Raw data -
■ ■ ■ ■ ■ ■ ■
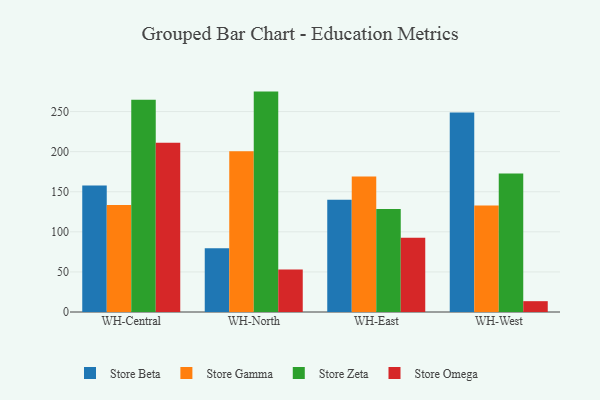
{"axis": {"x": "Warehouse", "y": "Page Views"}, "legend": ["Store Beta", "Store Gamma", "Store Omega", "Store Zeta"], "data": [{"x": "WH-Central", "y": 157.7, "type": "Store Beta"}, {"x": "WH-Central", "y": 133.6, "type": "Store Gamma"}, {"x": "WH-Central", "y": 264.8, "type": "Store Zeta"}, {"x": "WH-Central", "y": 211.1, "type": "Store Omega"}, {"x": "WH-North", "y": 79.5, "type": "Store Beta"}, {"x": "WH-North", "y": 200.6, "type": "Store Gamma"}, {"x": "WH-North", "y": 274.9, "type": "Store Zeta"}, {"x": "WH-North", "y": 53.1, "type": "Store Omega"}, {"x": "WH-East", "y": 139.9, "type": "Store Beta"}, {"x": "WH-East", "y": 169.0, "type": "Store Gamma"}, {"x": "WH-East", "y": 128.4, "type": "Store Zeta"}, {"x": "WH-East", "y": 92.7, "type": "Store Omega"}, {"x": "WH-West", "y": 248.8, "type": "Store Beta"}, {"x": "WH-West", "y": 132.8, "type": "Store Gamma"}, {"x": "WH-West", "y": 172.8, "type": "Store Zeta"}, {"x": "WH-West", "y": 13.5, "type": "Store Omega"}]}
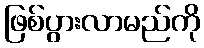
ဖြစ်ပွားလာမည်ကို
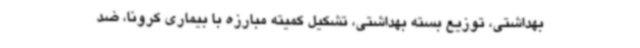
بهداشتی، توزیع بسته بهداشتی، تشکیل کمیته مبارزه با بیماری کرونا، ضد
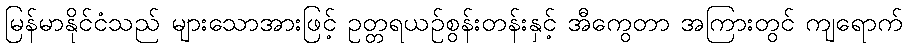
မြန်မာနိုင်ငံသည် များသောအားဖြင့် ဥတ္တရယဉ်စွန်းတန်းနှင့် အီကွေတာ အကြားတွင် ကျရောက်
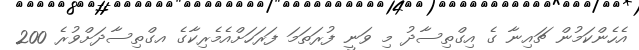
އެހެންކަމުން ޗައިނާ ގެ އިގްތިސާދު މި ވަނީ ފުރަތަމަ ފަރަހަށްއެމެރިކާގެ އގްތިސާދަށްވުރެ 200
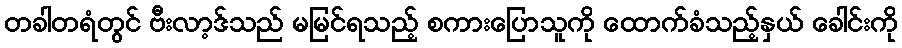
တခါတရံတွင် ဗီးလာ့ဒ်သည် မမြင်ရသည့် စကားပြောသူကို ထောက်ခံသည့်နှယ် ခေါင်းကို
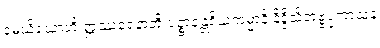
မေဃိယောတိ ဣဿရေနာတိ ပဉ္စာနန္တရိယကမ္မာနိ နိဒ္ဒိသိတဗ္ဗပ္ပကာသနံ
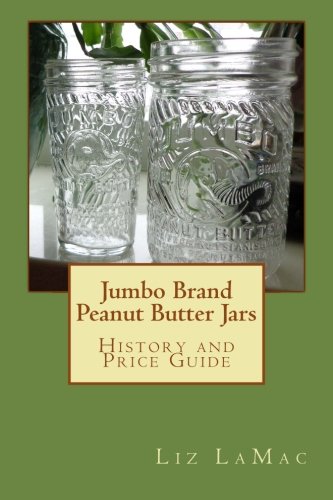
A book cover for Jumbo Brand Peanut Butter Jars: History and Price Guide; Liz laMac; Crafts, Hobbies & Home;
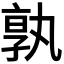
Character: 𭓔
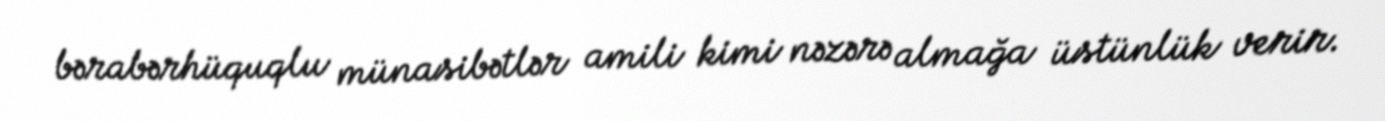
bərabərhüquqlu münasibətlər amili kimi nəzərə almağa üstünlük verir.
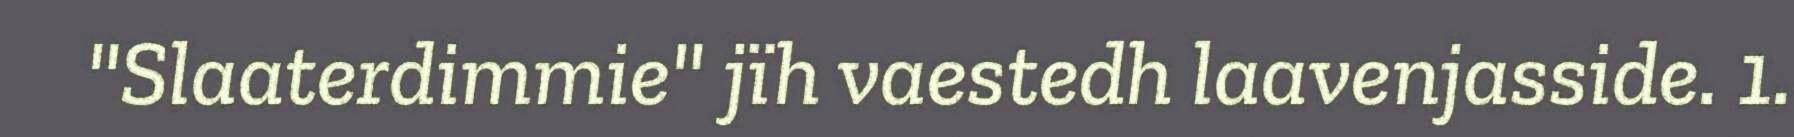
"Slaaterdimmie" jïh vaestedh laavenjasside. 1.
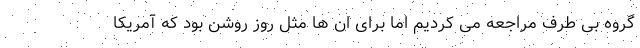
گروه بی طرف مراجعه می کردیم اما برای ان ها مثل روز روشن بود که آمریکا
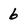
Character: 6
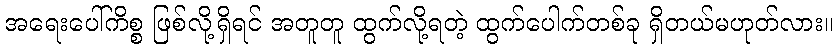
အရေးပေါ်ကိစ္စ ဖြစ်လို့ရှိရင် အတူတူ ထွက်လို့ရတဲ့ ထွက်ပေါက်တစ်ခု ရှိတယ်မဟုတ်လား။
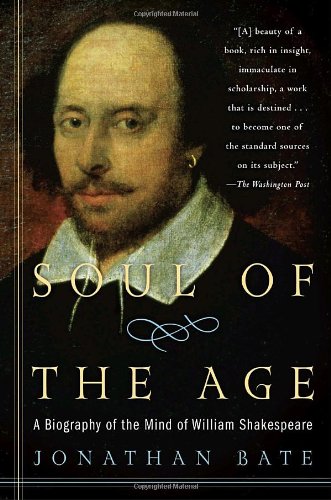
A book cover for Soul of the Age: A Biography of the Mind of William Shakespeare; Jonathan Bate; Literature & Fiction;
■ ■ ■ ■ ■ ■ ■
Work item - In the listing above, find the line with "ဖြစ်ပွားလာမည်ကို" and the line with "A book cover for Jumbo". Copy both of them and every line between, exactly, but not the pictures.

Exercise answer -
ဖြစ်ပွားလာမည်ကို
بهداشتی، توزیع بسته بهداشتی، تشکیل کمیته مبارزه با بیماری کرونا، ضد
မြန်မာနိုင်ငံသည် များသောအားဖြင့် ဥတ္တရယဉ်စွန်းတန်းနှင့် အီကွေတာ အကြားတွင် ကျရောက်
އެހެންކަމުން ޗައިނާ ގެ އިގްތިސާދު މި ވަނީ ފުރަތަމަ ފަރަހަށްއެމެރިކާގެ އގްތިސާދަށްވުރެ 200
တခါတရံတွင် ဗီးလာ့ဒ်သည် မမြင်ရသည့် စကားပြောသူကို ထောက်ခံသည့်နှယ် ခေါင်းကို
မေဃိယောတိ ဣဿရေနာတိ ပဉ္စာနန္တရိယကမ္မာနိ နိဒ္ဒိသိတဗ္ဗပ္ပကာသနံ
A book cover for Jumbo Brand Peanut Butter Jars: History and Price Guide; Liz laMac; Crafts, Hobbies & Home;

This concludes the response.